# Buying a used bike?Questions.



## Nic840 (Nov 12, 2006)

I am looking at purchasing a used 2005 Specialized Dolce Comp (asking $950). Fit wise it is really nice, I have been interested in the 2006 but don't really want to go there on price. The 05 actually has better componants. Found it on Craigslist in my area, called and am going to take it for a ride... what should I look for upon the test ride. Apparently there are very few miles on it and the person selling is doing so because she wanted a different frame. Any ideas or comments?


----------



## il sogno (Jul 15, 2002)

Nic840 said:


> I am looking at purchasing a used 2005 Specialized Dolce Comp (asking $950). Fit wise it is really nice, I have been interested in the 2006 but don't really want to go there on price. The 05 actually has better componants. Found it on Craigslist in my area, called and am going to take it for a ride... what should I look for upon the test ride. Apparently there are very few miles on it and the person selling is doing so because she wanted a different frame. Any ideas or comments?


Hi Nic. Welcome to the Women's Forum.  

When it comes to buying a bike I would say one of the most important things to look for is how does it fit. Stand over the bike (straddle the top tube) and lift it. You should be able to lift it about an inch or so.

Check out the reach. Are the handlebars in a comfortable spot for you? If not, you may have to either futz with the stem or spend a few $$ to replace it. 

On a test ride, get an overall feel for how the bike rides and handles. Lively acceleration? How does it corner? How stable is the bike? How heavy is the bike? If you do hilly rides a lighter bike will make your rides more enjoyable.


----------



## uzziefly (Jul 15, 2006)

Fit, fit and fit first and foremost (3rdmost too haha)

Test it out. See how it feels on a ride (20minute ride or so). Sprint with it, climb, corner and descent if possible. 

Everything il sogno says is nothing but true and important. Couldn't have said it any better. 


Oh and just inspect the frame for dings or whatsoever. Lastly, you've gotta like the way it looks. Nothing worse then a bike you don't like the looks of completely. Oh wait, a bike that DOESN'T fit and you don't like the looks of is worse.

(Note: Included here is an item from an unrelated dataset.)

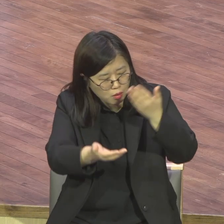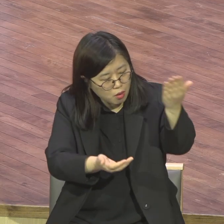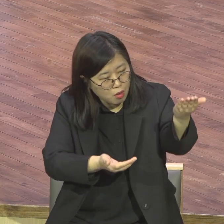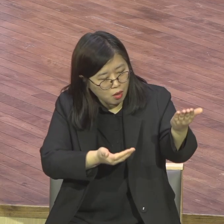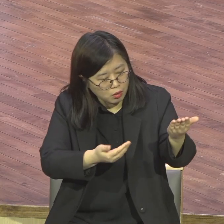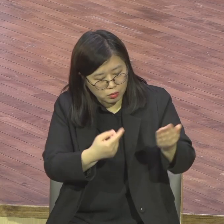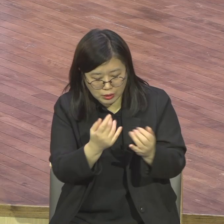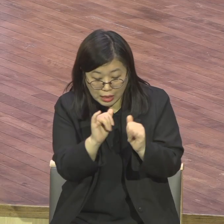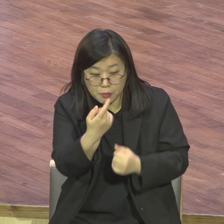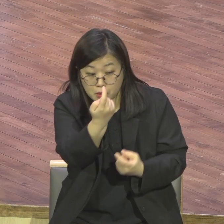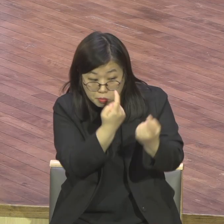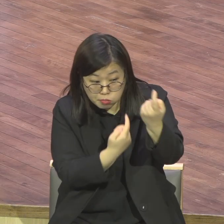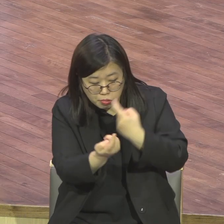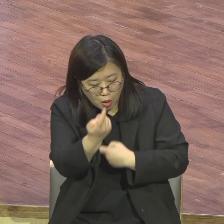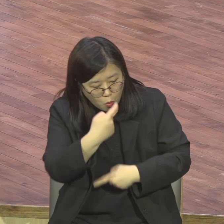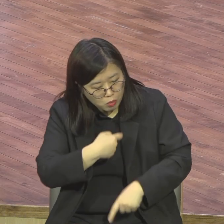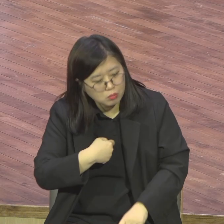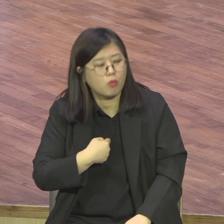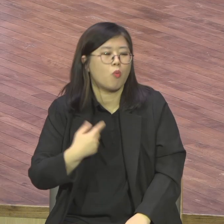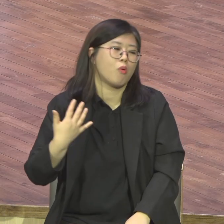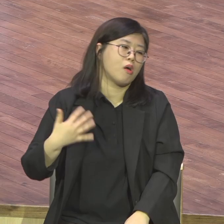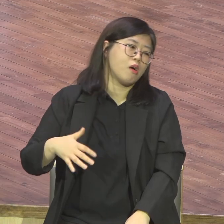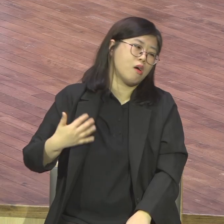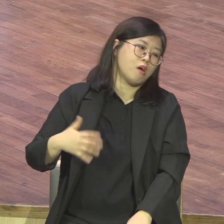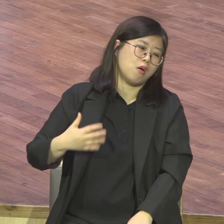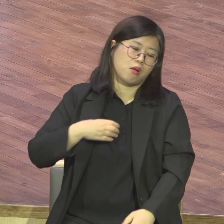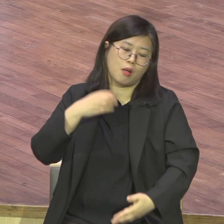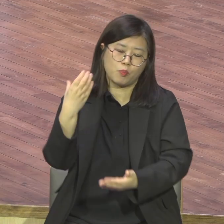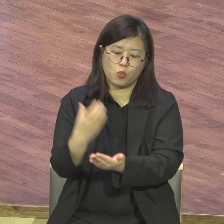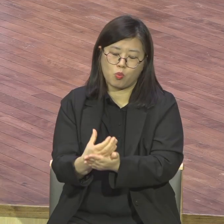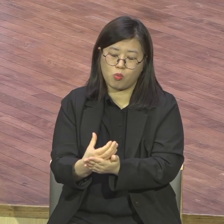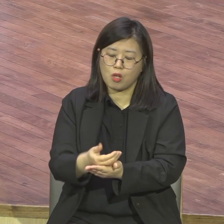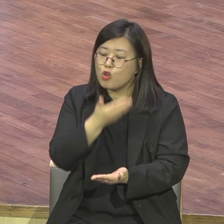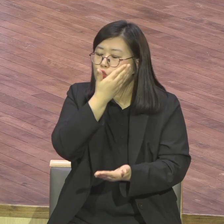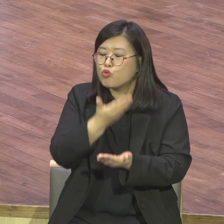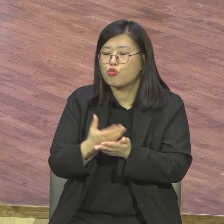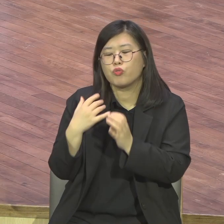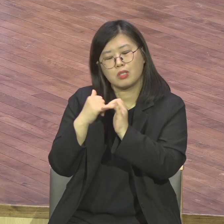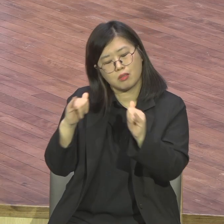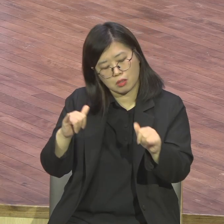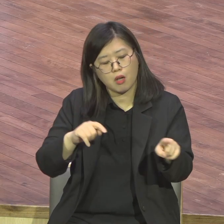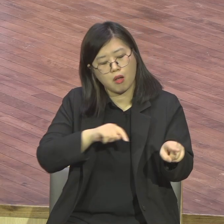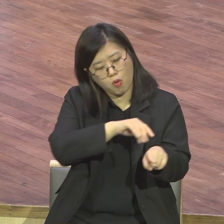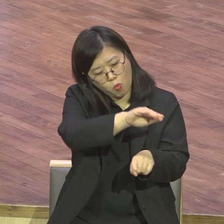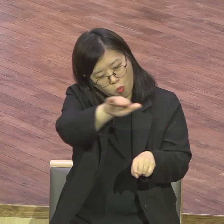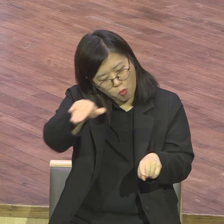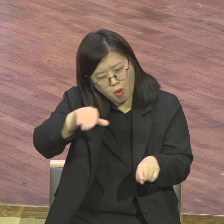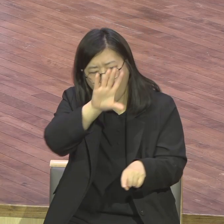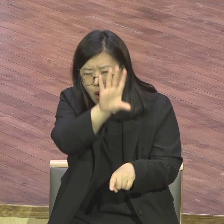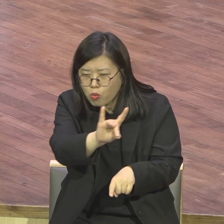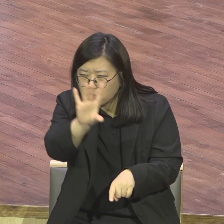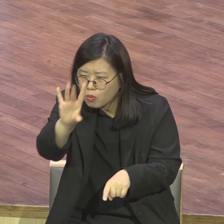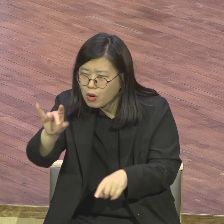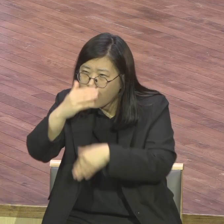이게 어떻게 응답이 되어야 됩니까? 전무 후반 응답이 나 업 교회

Good luck and keep us posted. :thumbsup:


----------



## JayTee (Feb 3, 2004)

All the most important advice is covered above. But in buying used, try to look and see if the bike seems reasonable maintained. Is the drivetrain clean? If they claim it was hardly ridden, do the tires support that claim or are they squared off? Does it shift smoothly? Go to the Park Tool website and read about measuring a chain. If the chain is elongated, it might suggest both that the bike has more miles on it than claimed, and that it needs a new cassette/chain ($100-ish for both).


----------



## wayneanneli (Jul 8, 2004)

Yes, pretty much everything the others have said, but know your pricing. Recently on eBay, a Dolce Comp seller had to relist a second time after getting no bids the first time, and eventually sold to someone for the "buy it now" price of 739. So, 950 might seem a tad high. Bargain with seller a little.
Cheers, Wayne


----------